| Task directions |
Each entry should be repeated exactly. Its pictures should not be.

| Exercise material |

⁂

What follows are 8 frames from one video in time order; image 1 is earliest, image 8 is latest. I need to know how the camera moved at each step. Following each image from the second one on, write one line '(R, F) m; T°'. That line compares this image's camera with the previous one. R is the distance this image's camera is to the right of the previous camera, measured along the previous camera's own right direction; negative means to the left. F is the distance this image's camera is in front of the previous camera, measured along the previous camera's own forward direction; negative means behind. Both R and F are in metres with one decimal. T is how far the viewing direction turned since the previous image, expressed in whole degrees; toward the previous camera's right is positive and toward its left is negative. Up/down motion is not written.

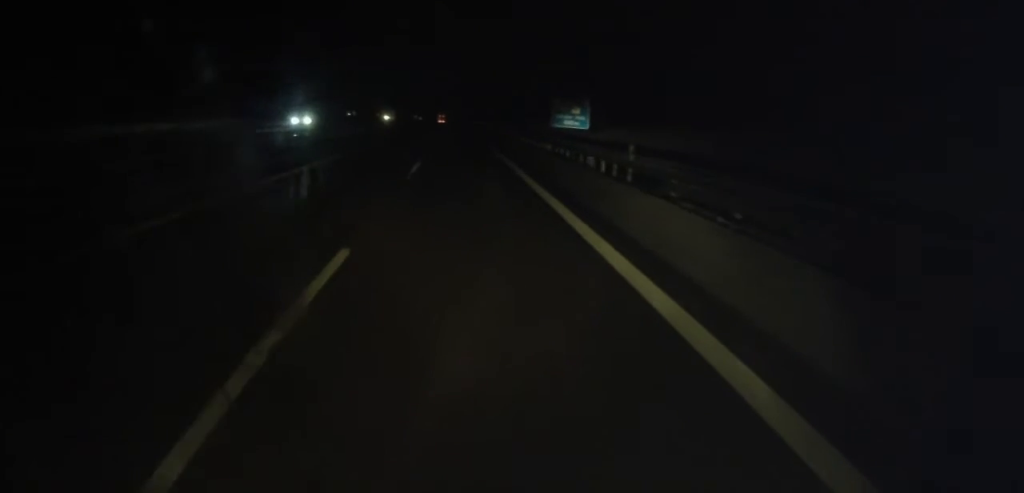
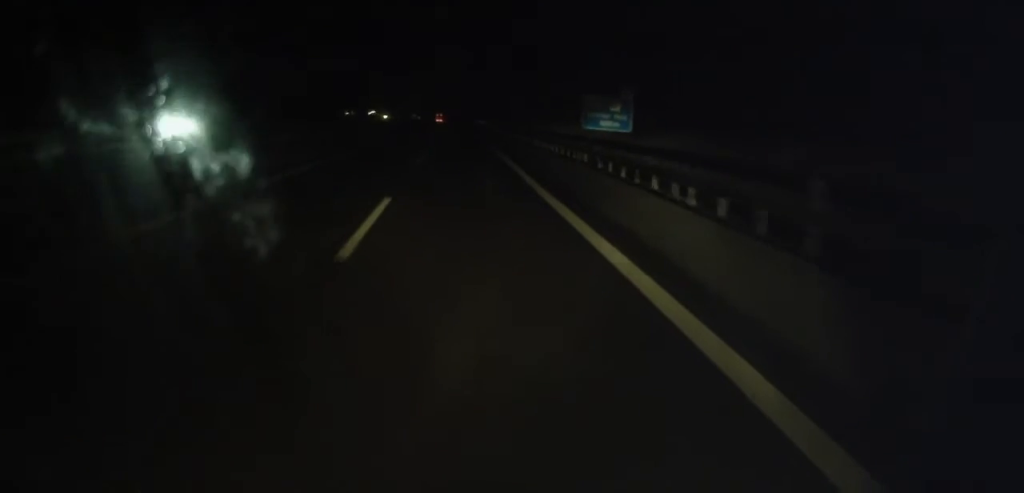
(-0.1, +12.6) m; 0°
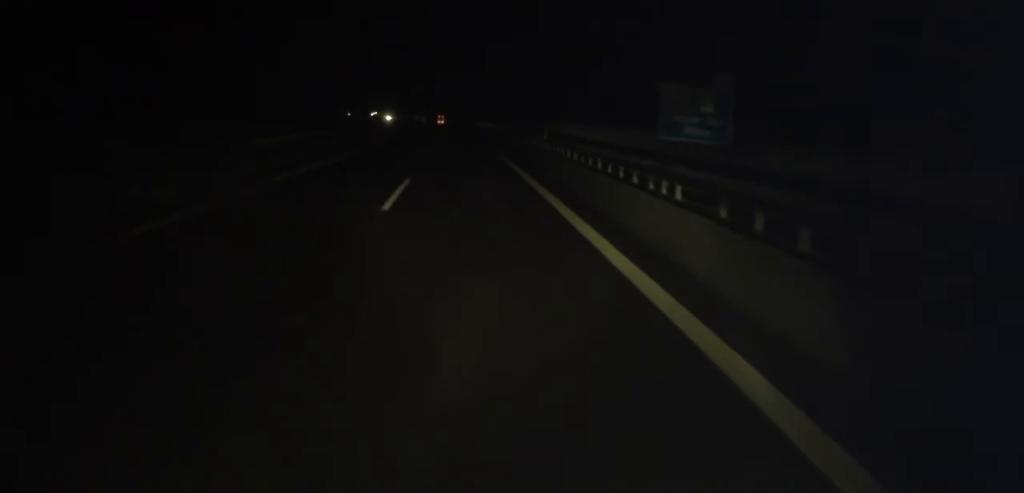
(+0.2, +13.3) m; +1°
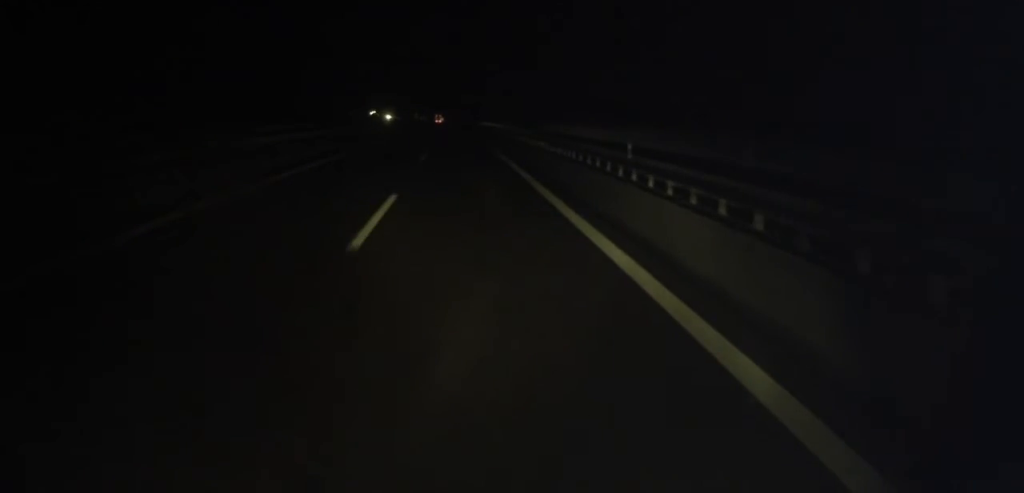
(+0.4, +21.7) m; 0°
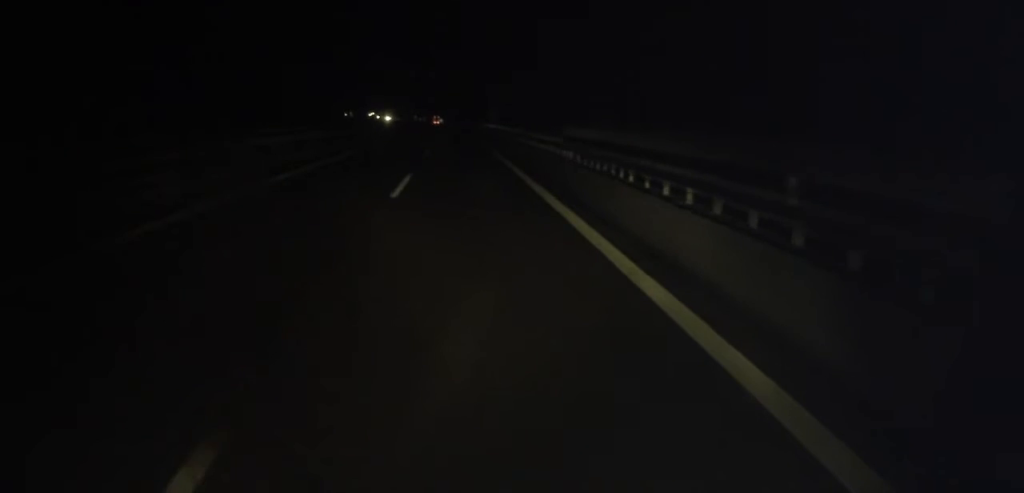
(0.0, +11.6) m; 0°
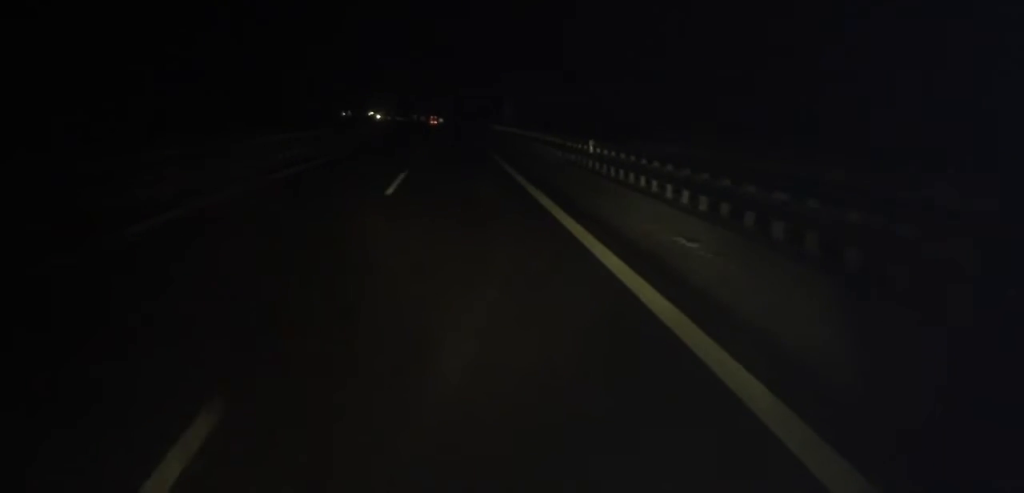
(-0.5, +34.9) m; -1°
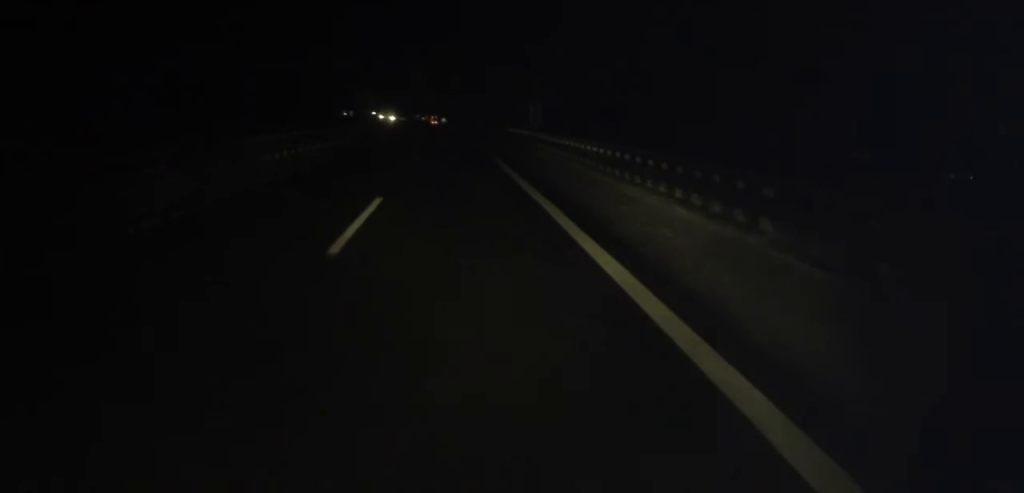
(-0.1, +24.9) m; 0°
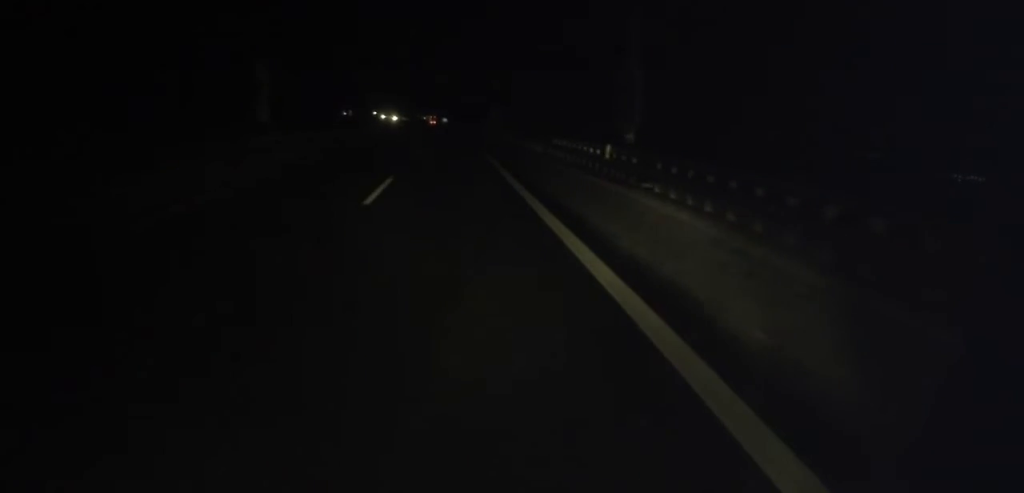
(0.0, +30.5) m; 0°
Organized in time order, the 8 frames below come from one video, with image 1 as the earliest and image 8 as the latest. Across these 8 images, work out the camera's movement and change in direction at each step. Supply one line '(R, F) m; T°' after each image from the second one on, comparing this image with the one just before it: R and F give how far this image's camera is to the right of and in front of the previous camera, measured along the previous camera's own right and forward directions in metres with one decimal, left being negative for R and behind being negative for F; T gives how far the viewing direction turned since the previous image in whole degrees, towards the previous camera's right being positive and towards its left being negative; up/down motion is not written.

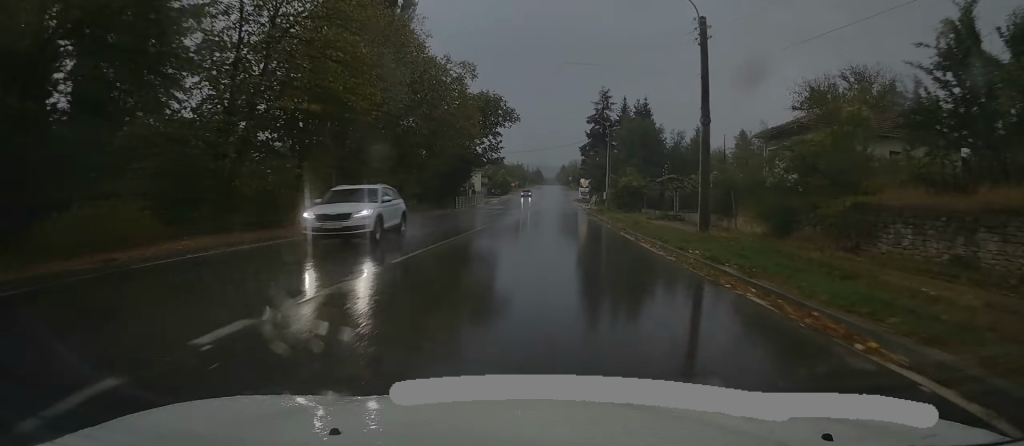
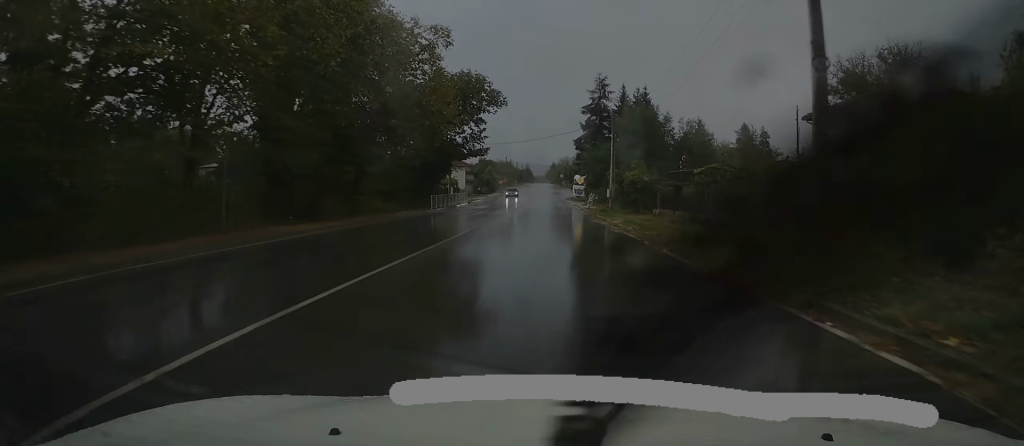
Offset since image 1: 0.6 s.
(-0.1, +9.0) m; +1°
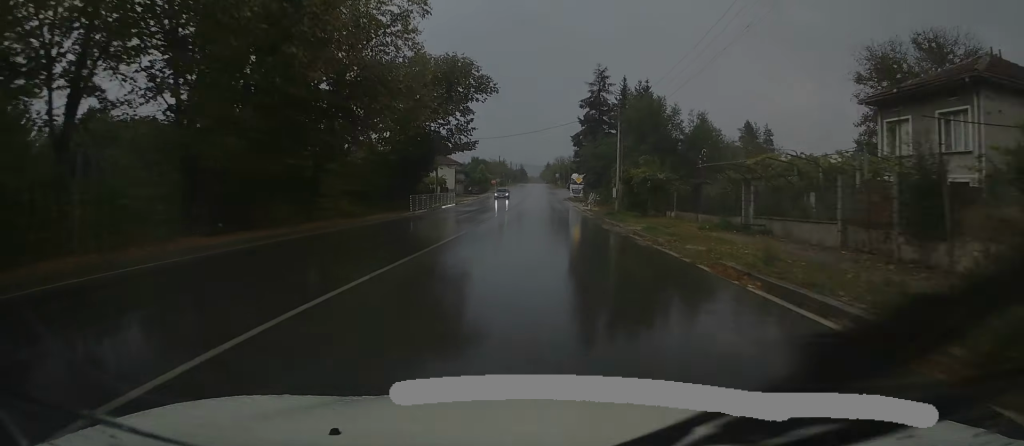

⁂

| The answer |
What follows are 8 frames from one video in time order; image 1 is earliest, image 8 is latest. I need to know how the camera moved at each step. Following each image from the second one on, write one line '(R, F) m; T°'. That line compares this image's camera with the previous one. R is the distance this image's camera is to the right of the previous camera, measured along the previous camera's own right direction; negative means to the left. F is the distance this image's camera is in front of the previous camera, measured along the previous camera's own forward direction; negative means behind. Both R and F are in metres with one decimal. T is how far the viewing direction turned since the previous image, expressed in whole degrees; toward the previous camera's right is positive and toward its left is negative. Up/down motion is not written.

(-0.1, +12.6) m; 0°
(+0.2, +13.3) m; +1°
(+0.4, +21.7) m; 0°
(0.0, +11.6) m; 0°
(-0.5, +34.9) m; -1°
(-0.1, +24.9) m; 0°
(0.0, +30.5) m; 0°
Organized in time order, the 8 frames below come from one video, with image 1 as the earliest and image 8 as the latest. Across these 8 images, work out the camera's movement and change in direction at each step. Supply one line '(R, F) m; T°' after each image from the second one on, comparing this image with the one just before it: R and F give how far this image's camera is to the right of and in front of the previous camera, measured along the previous camera's own right and forward directions in metres with one decimal, left being negative for R and behind being negative for F; T gives how far the viewing direction turned since the previous image in whole degrees, towards the previous camera's right being positive and towards its left being negative; up/down motion is not written.

Offset since image 1: 0.6 s.
(-0.1, +9.0) m; +1°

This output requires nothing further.